# Tapping question ??...



## 56type (May 8, 2017)

Having a bit of trouble tapping and was hoping I could get some clarification on where I'm going wrong...this is my first machining project...

OK, making a muzzle nut which has an internal thread of 14 X 1.0mm LH. Got the hole drilled on the lathe (Atlas 10100) with a 0.50 cobalt drill bit, which by my math comes up to 12.7mm when converted to metric. I have a metric tap in the needed 14 X1.0mm LH size and aligned it using the lathe tailstock so it would start straight & square to the hole.

Problem is the tap doesn't want to start ?? I'm NOT trying to tap using the lathe's power...It's a small Atlas with a screw-on chuck, so no running it in reverse for left-hand thread. Also at this time I have not bought any tooling for threading, so I won't be threading it on the lathe. To top it off the drill chuck I'm using to hold the tap keeps wanting to unscrew itself from the MT shank that mounts it in the tailstock, even doing the tapping by hand (lathe unplugged, turning 4-jaw chuck in reverse by hand while holding drill chuck with other hand to keep it from turning).
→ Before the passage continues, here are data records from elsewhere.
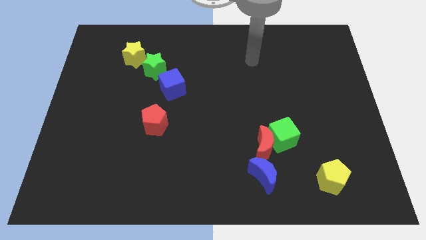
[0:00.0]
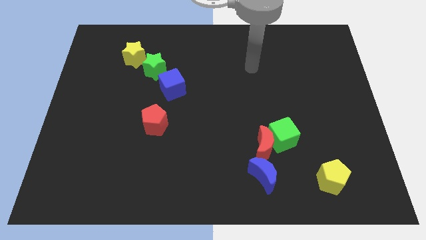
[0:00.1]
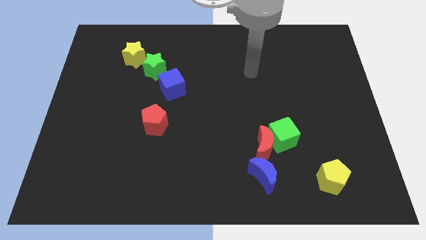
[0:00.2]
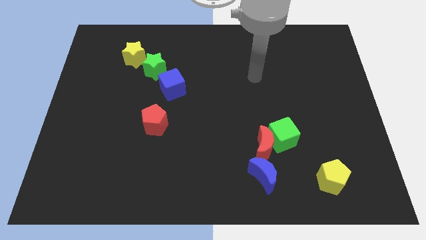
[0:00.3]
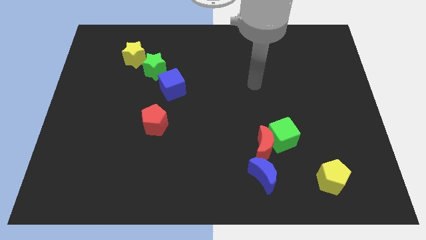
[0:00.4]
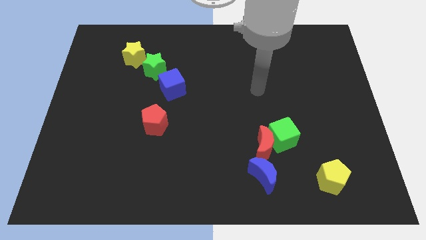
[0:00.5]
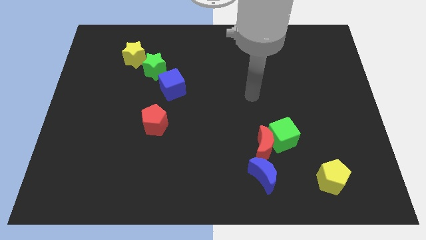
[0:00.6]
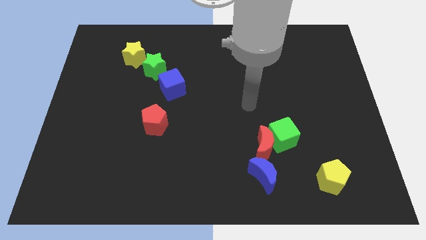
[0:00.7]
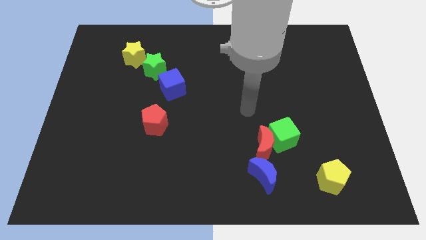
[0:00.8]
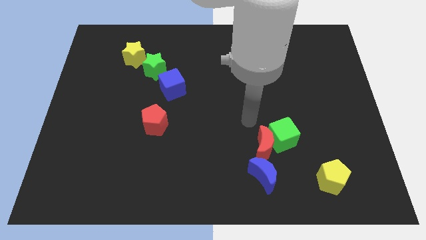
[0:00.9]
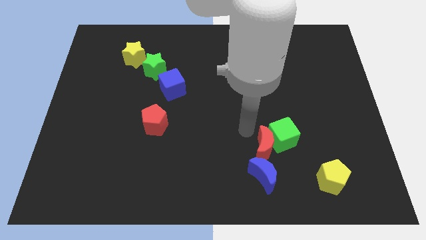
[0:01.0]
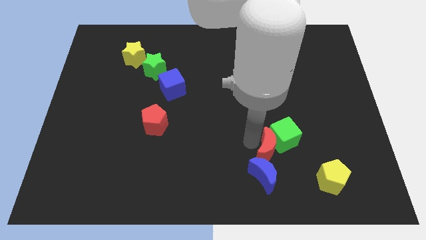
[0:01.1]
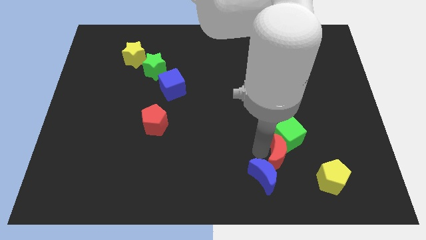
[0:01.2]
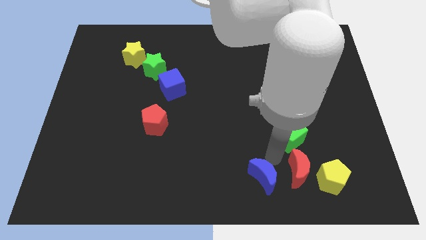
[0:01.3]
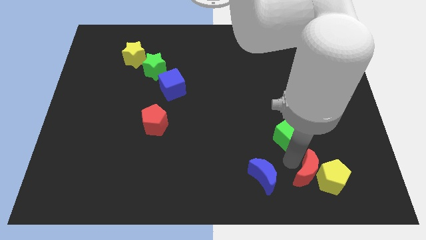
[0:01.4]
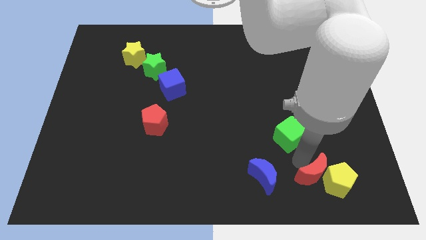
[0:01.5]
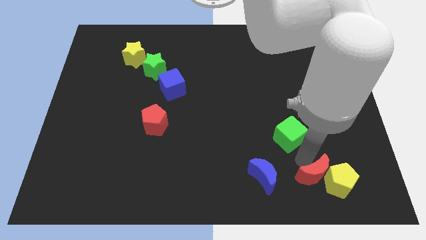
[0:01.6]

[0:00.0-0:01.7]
pull the green cube apart from the red moon

Am I correct in thinking the hole is possibly to small at 0.50in. (12.7mm) ?? I checked & re-checked the measurements and it does measure at 12.7mm, so I was thinking maybe I'll have to bore it to 13mm to get the tap to start ?? Guess what I need to know is what size hole for 14 X 1.0mm LH tap...Thanks


----------



## DAT510 (May 8, 2017)

What type of tap are you using?  Taper, Plug or Bottoming?  Ideally you want to make sure you are using a Taper Tap as it will be the most easy to get started.  A plug tap will work but it has less of a taper, so it will be harder to start.  A bottoming tap will be next to impossible to start.

Yes, at 12.7mm you are smaller than the recommended tap drill of 13mm.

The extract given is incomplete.